I see a lot of kids with bed-wetting issues. Again, what you’re looking at is structural, and if you can influence how the nerves to the bladder work, because chiropractic works with nerves, what you’ll end up finding is that kids wet their beds less frequently. The kids you see are the ones who are potty-trained, but they go into such a deep sleep that they don’t get the cue to wake up. We’re not trying to take the place of medicine; we’re trying to work in conjunction with whatever the doctors are

doing because it’s a multi-faceted problem. It’s not, “Oh, you just need this one simple adjustment,” but you also need some behavioral stuff to change as well. Chiropractically, what ends up happening is that you’re working on the structures related to the bladder and you find that the kids now have more dry days.

How has your practice evolved since you started?
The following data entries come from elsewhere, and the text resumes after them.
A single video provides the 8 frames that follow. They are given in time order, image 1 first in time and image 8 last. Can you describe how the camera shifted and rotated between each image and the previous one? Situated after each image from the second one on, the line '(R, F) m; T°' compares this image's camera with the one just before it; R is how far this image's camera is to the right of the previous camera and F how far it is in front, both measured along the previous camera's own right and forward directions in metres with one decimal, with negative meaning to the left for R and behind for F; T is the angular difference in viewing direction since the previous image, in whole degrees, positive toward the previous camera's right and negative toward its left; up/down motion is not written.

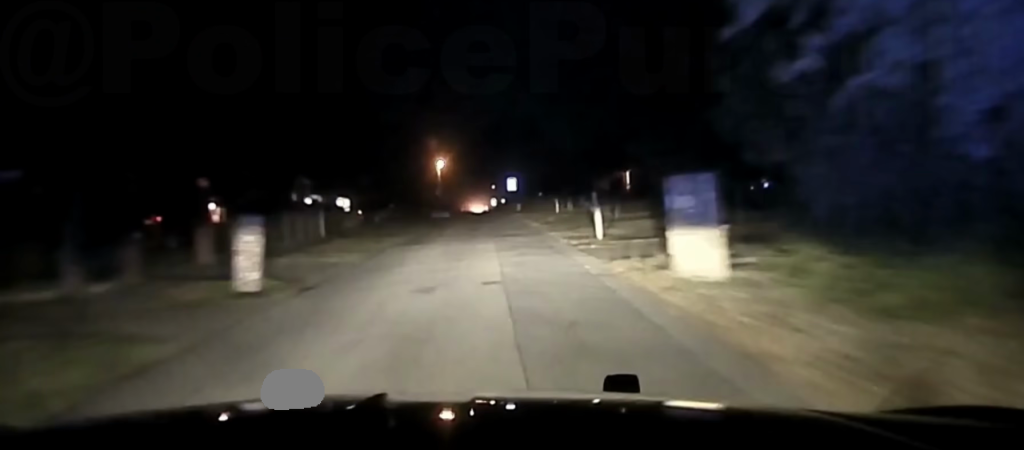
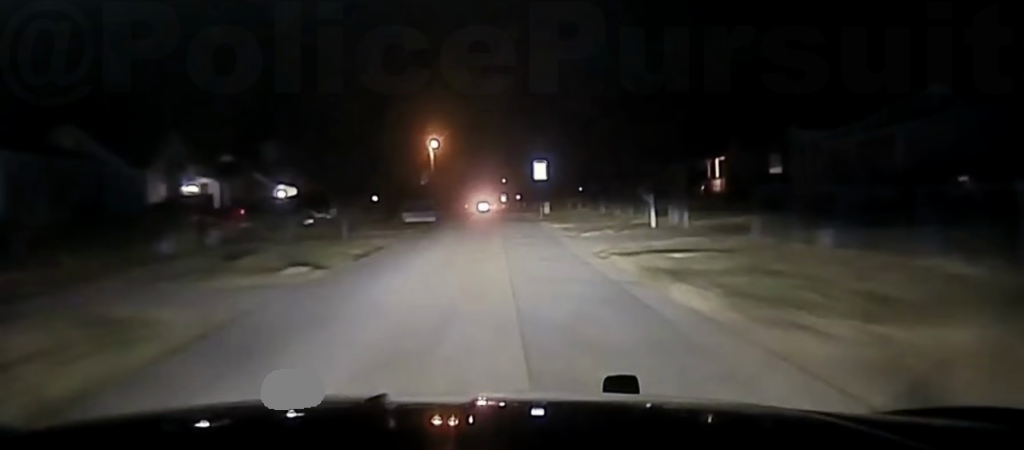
(-0.1, +37.6) m; 0°
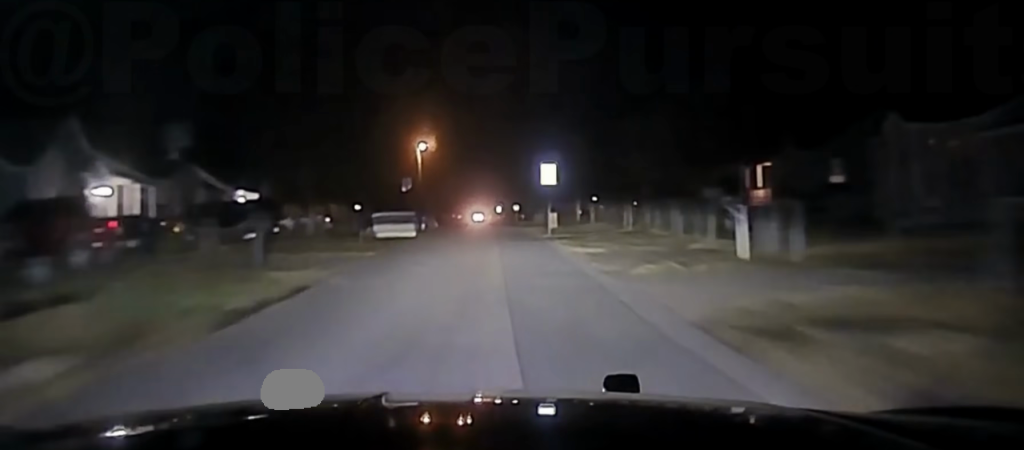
(0.0, +11.8) m; 0°
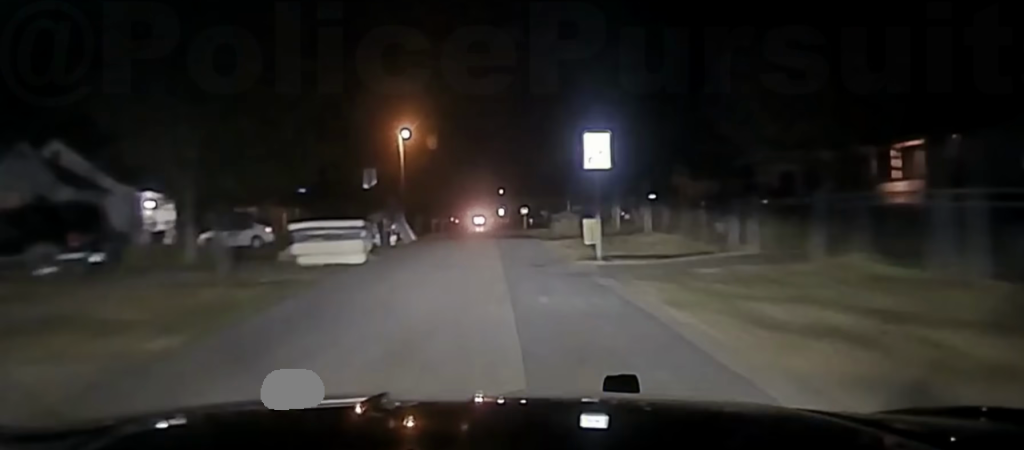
(-0.1, +18.2) m; +1°
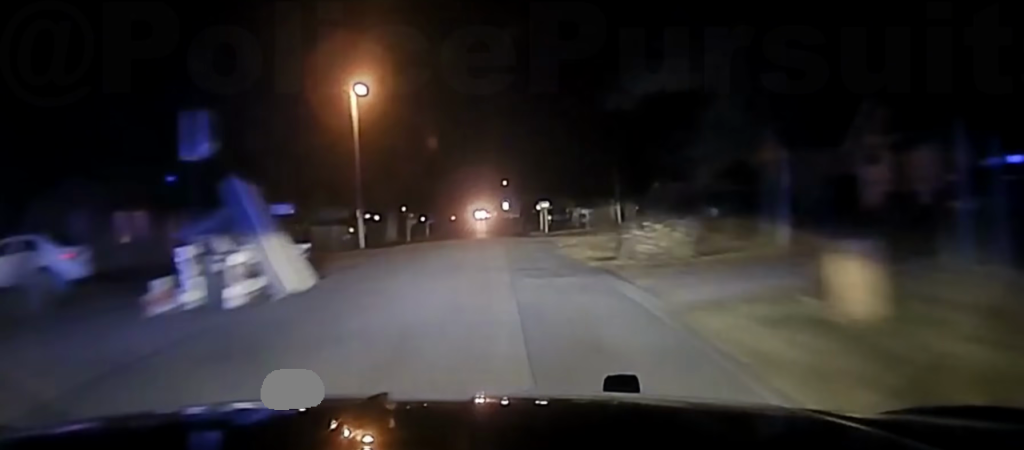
(+0.5, +24.9) m; +1°
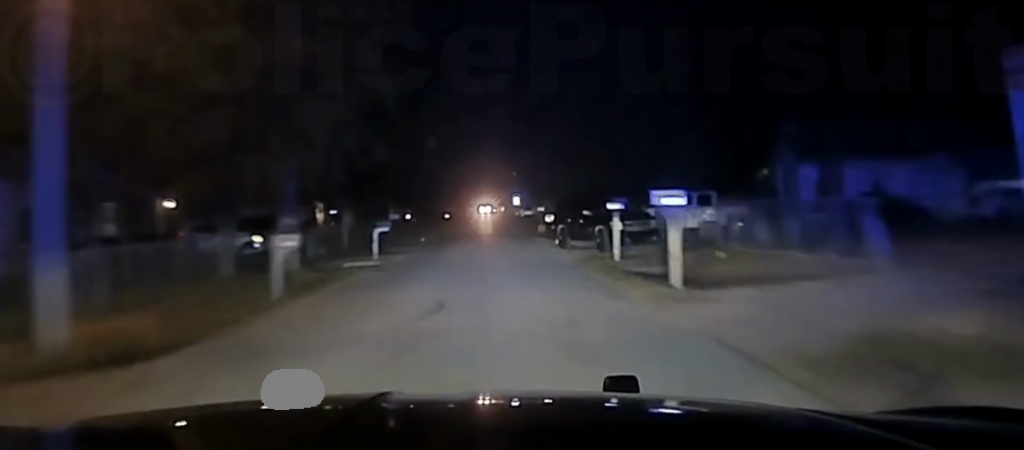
(-0.1, +32.6) m; -1°
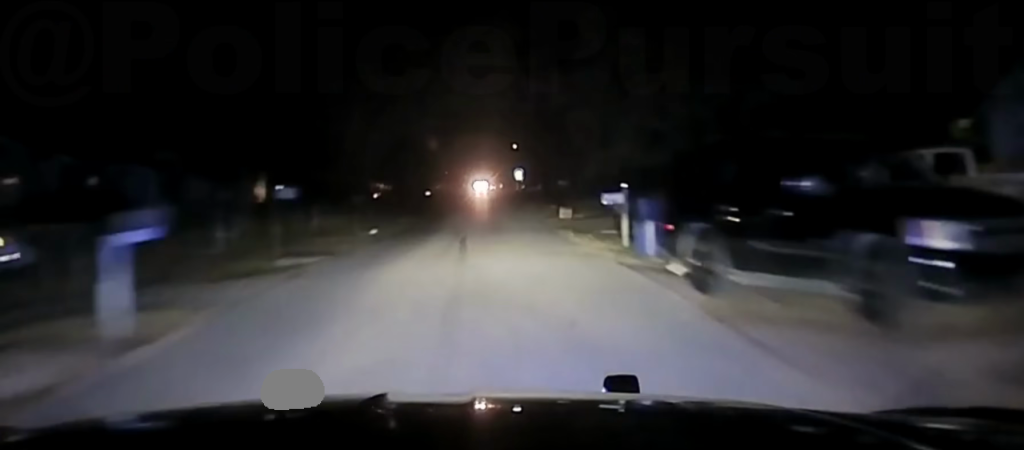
(-0.4, +24.1) m; -1°
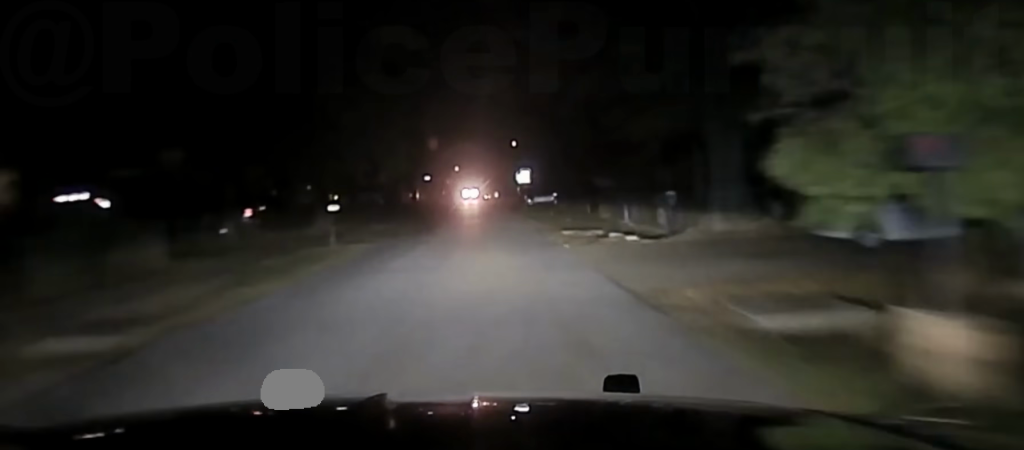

When I first started, I was in Lancaster County, Pa., and I had a half Amish practice. Since moving back home, I don’t have as many rural country patients who are farmers. I used to see people who had been kicked by their cows or horses. Here I have surfing injuries. There’s definitely a difference between a city practice and a country practice. In the country, you may see patients before they go to the hospital, whereas here they go to the hospital first. I’d have patients come in and I’m going, “Really, we need to get an X-ray, that’s probably a fracture.” In the city, usually if something is broken they’ll have been at the hospital and gotten an X-ray.